▶ ACTIVITY
Below are some entries. Return exactly the lines from the one with "Invasive ductal carcinoma" through the final line, leaving out any pictures.

▶ EXTRACTED ENTRIES
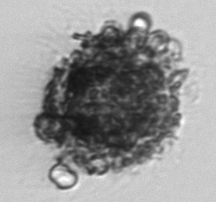
Label: unknown2
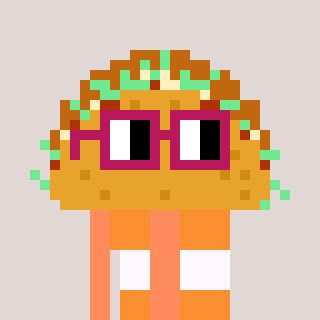
a pixel art character with square dark red glasses, a taco-shaped head and a peachy-colored body on a warm background
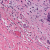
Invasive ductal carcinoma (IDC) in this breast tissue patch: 0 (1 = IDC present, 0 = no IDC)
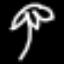
Label: palm tree
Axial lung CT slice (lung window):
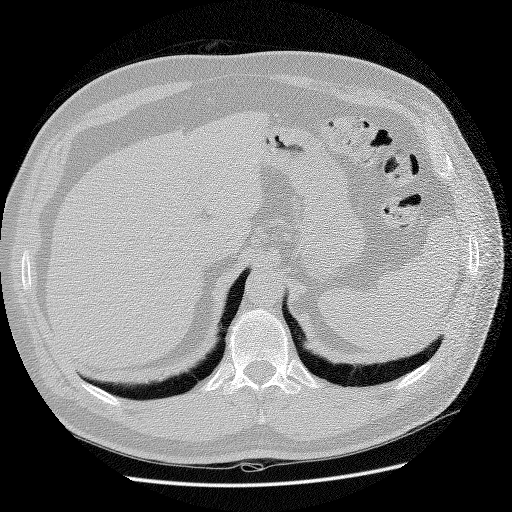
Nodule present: no
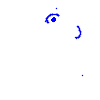
Particle: electron
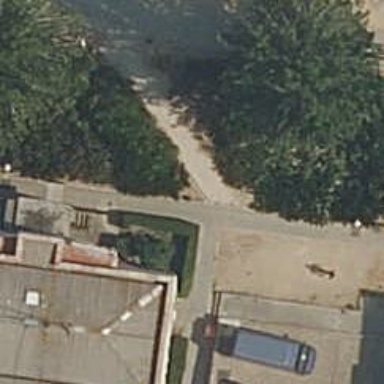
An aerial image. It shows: Pedestrian road with paving stones.

▶ SOLUTION TO THIS PROBLEM
Invasive ductal carcinoma (IDC) in this breast tissue patch: 0 (1 = IDC present, 0 = no IDC)
Label: palm tree
Axial lung CT slice (lung window):
Nodule present: no
Particle: electron
An aerial image. It shows: Pedestrian road with paving stones.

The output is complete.